- Born: 1942 Dura, Northern Region, British Nigeria (now Dura, Kaduna State, Nigeria)
- Died: 8 September 2020 (aged 77–78)
- Occupations: • Lawyer • Banker • Civil servant • Military pilot • Politician
- Known for: Being the first professional lawyer in Southern Kaduna

= Adamu Maikori =

Nigerian lawyer, politician, and banker (1942–2020)

Adamu Audu Maikori (1942 – 8 September 2020) was a Nigerian lawyer, banker and politician. In mid-September 2020, the Fundamental Rights in the Nigeria constitution was translated into his mother tongue, Hyam, by the Kaduna-based firm, House of Justice in his honour as the first indigenous lawyer from Southern Kaduna. This document was presented at the palace of the Kpop Ham, in Kwoi by the organisation's CEO, Gloria Mabeiam Ballason.

==Life and education==
Maikori was born in Dura, Hamland, in 1942. He began his educational career at Maude Primary School, Kwoi. Over time, he went further to acquire premium education in London, Germany and Harvard Business School in the United States He married La'aitu (née Gyet Maude) of the Ham Royal House. They had five children, including Yahaya Maikori and Audu Maikori, both of whom are lawyers. At the time of death, he had three grandchildren and many "spiritual children".

==Working career==
Maikori was the first lawyer from Southern Kaduna and was called to the Nigerian Bar in 1972. He had long career as a lawyer, teacher, flight cadet in the Nigerian Air Force, public prosecutor and as a banker.

He served as Director of Public Prosecutions in the Ministry of Justice and later as Chief Registrar of the Kaduna-Katsina High Court. On leaving public service, he became the Executive Director of Nigeria Merchant Bank and afterwards became a co-founder of North South Bank.

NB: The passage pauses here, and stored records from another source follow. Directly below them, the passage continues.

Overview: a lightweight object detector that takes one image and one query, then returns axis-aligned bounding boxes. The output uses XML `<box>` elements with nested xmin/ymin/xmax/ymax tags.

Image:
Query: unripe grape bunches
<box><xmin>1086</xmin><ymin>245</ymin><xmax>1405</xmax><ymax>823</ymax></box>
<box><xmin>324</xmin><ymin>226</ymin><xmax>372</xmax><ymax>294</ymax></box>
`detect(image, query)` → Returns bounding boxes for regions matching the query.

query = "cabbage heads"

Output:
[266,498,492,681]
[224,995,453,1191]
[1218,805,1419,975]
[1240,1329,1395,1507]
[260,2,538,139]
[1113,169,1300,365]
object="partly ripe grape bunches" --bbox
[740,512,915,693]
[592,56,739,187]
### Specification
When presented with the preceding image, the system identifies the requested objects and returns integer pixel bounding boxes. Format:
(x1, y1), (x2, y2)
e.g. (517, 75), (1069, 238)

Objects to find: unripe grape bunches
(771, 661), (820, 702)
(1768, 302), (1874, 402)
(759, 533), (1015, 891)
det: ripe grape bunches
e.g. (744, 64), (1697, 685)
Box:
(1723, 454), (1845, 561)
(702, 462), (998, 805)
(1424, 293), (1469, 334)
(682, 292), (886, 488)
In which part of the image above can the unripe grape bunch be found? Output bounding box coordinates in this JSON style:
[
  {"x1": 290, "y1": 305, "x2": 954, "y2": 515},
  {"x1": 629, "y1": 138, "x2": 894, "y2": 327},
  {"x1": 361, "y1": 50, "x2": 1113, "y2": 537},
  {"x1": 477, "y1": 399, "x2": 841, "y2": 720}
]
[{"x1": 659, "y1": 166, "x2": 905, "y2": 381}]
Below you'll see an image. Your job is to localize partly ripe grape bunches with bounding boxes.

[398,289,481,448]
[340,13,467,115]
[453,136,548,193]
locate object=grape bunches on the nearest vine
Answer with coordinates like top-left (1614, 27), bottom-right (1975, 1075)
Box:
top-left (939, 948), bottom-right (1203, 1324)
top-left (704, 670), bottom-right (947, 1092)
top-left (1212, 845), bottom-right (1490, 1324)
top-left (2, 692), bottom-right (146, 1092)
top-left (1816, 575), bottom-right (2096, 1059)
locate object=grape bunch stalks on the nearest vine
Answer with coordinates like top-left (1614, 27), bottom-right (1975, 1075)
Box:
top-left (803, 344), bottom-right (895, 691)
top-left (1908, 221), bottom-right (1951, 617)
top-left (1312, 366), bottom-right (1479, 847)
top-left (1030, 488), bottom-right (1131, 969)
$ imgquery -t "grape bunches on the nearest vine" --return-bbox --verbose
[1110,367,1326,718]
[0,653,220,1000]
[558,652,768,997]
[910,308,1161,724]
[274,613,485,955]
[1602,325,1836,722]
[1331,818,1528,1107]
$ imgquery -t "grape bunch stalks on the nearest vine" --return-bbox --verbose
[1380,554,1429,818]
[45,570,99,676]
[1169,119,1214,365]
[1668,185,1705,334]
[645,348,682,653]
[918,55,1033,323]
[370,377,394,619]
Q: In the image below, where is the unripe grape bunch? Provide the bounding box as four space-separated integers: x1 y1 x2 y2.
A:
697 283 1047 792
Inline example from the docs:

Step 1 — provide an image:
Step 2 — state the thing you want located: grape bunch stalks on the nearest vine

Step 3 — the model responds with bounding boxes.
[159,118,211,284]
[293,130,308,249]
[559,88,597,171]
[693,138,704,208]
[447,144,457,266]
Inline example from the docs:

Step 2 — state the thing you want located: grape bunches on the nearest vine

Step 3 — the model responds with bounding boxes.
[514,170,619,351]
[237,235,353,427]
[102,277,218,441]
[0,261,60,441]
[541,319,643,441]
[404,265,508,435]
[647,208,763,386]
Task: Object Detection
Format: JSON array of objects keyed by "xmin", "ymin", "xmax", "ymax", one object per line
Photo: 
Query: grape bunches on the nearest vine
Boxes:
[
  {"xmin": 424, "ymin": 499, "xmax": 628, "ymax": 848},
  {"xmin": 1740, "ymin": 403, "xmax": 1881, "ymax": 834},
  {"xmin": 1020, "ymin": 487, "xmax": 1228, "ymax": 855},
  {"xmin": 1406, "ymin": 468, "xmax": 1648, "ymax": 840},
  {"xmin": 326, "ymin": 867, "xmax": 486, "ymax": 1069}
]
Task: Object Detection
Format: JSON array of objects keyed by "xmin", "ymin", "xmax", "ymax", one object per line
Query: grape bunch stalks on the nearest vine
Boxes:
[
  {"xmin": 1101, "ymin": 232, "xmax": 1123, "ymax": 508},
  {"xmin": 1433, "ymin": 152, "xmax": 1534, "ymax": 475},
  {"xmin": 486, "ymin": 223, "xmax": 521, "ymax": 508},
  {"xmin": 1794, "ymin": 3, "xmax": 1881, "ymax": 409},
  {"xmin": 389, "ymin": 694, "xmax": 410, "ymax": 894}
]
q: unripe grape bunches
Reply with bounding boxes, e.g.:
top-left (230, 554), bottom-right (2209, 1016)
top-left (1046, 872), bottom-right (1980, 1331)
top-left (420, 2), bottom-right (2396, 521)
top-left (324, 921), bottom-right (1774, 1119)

He was also the Chairman of the ECWA working committee on the book, An Introduction to the History of SIM/ECWA in Nigeria, 1893-1993.

==Political career==
Maikori ran in the 1991 elections for the Governor of Kaduna State but was unsuccessful in the primaries; he lost the SDP ticket to Ango Abdullahi who scored 166,857 votes (59.7%) while he scored 67,312 votes (21%). He also ran in but was unsuccessful in 2003 and 2007 races for the Senate to represent Kaduna South Senatorial District, both of which he lost to Isaiah Balat and Caleb Zagi, respectively.

==Demise==
His son, a co-founder of the Chocolate City Group, Audu Maikori, reportedly announced the death of his father, on 8 September 2020, aged 78.

==Legacy==
In his words, his son Audu recounts:
"He taught me about hard work, integrity, honesty and most importantly the place of God in my life... Even my foray into entertainment was closely influenced by his love for music and that of my late mother. He was actually a choirmaster!"